As shown in Figure 8, after adding AOS, the degree of migration in the migration stage is significantly reduced, and the overall permeability changes little; the permeability changes by about 0.5%, so the protective effect of surfactant AOS on the reservoir is obvious. Although the degree of migration increases with the increase in temperature, it is improved compared with that when AOS is not added, and it can be seen from the quartz electron microscope pictures treated with CO2+AOS at 200°C that the degree of corrosion is much smaller. From the figure and the number of fines produced, it can also be shown that the chemical agent has a certain effect on the stability of the rock particles. From the infrared spectrum in Figure 5, it can be seen that the anionic surfactant AOS is adsorbed on the rock surface of the reservoir, and it shows the stability of porosity and permeability in rock physical properties as shown in Figure 8, while the porosity and permeability of the rock not adsorbed by AOS change greatly as shown in Figure 7, indicating that the role of chemical reagents in the tertiary oil recovery mechanism of CO2 multicomponent thermal fluid is to act on the fluid on the one hand and stabilize the rock skeleton on the other hand. Its mechanism is shown in Figure 9. The ion exchange between rock mineral ions and cations in formation water makes the mineral surface absorb a large number of cations, which provides conditions for anionic surfactants to form a “protective layer.”

4. Conclusions

Different minerals have different temperature responses to CO2. It is difficult for CO2 to dissolve quartz in a short time at high temperatures, and the dissolution rate is only about 0.1%, but the dissolution of clay is very strong. The degree of dissolution from large to small is illite, montmorillonite, and kaolinite, and the dissolution rate is above 1%. When AOS is added, this interaction is slowed down, and the dissolution rate becomes smaller.

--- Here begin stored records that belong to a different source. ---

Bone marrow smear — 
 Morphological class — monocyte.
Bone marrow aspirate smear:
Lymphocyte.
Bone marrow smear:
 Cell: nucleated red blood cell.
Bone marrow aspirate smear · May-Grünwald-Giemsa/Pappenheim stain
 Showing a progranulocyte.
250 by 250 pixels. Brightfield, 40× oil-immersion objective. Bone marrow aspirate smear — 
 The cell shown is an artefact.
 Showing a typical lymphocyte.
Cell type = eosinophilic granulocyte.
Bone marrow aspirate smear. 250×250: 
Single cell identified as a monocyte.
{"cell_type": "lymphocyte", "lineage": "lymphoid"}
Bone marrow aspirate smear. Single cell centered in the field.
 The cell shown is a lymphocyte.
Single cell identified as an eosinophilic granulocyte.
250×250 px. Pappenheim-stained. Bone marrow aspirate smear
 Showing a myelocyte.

During CO2+steam injection, the porosity of the sand pack is inversely proportional to the temperature. AOS reduces the temperature response of the difference in porosity by half compared with that of CO2+steam so that the reservoir porosity can be guaranteed not to change much during the superheated steam injection process. The change in permeability shows a trend of first decreasing and then increasing, which reflects the two migration stages of framework fines in the reservoir. Dissolution and migration as a leading factor or the migration of outflowing sand production become chief factors. The adsorption of AOS on the rock surface significantly slows down the damage of CO2 to the rock under high-temperature steam, thereby improving the sudden change in permeability. Although there is still corrosion in steam+CO2+AOS, this ensures that a part of CO2 is stored in the reservoir, which also achieves the purpose of reducing CO2 emissions.

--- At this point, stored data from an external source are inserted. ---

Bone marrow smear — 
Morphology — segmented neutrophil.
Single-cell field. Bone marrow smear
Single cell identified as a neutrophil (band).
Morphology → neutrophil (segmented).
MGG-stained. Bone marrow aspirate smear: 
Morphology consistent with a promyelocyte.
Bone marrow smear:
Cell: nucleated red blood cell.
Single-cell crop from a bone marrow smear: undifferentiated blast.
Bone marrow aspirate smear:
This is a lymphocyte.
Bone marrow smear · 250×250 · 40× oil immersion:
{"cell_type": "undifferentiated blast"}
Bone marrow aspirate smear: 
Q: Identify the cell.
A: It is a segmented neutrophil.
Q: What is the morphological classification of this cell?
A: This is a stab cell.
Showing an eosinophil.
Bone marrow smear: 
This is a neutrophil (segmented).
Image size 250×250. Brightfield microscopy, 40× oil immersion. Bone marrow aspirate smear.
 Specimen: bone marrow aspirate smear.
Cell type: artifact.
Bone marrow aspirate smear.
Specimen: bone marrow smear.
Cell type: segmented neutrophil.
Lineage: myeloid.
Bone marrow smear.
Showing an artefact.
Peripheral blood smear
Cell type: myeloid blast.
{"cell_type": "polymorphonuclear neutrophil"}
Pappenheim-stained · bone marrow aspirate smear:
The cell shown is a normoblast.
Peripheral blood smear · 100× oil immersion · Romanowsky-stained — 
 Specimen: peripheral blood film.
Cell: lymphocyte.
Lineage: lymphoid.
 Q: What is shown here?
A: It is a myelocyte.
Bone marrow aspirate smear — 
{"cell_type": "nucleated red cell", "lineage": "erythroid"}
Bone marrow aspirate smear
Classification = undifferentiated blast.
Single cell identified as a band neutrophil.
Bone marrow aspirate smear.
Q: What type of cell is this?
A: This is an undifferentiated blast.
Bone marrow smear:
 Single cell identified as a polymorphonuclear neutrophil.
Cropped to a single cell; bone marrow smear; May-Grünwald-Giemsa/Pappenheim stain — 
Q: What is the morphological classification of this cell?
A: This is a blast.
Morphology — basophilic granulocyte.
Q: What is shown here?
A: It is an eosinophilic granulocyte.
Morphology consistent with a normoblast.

The CO2 multicomponent thermal fluid injection method is feasible in the subsequent development of thermal recovery of heavy oil reservoirs. On the basis of the fluid action mechanism, the CO2 multicomponent thermal fluid injection method is supplemented to enhance the oil recovery mechanism. Especially, the steam+CO2+AOS compound method can effectively alleviate the permeability heterogeneity in the unconsolidated sandstone and effectively reduce the degree of steam channelling.

Data Availability

The raw data used to support the conclusions of this study are available from the corresponding author upon request.

Conflicts of Interest

The authors declare that they have no conflicts of interest to report regarding the present study.

Acknowledgments

This work was financially supported by the National Natural Science Foundation of China (U20B6003).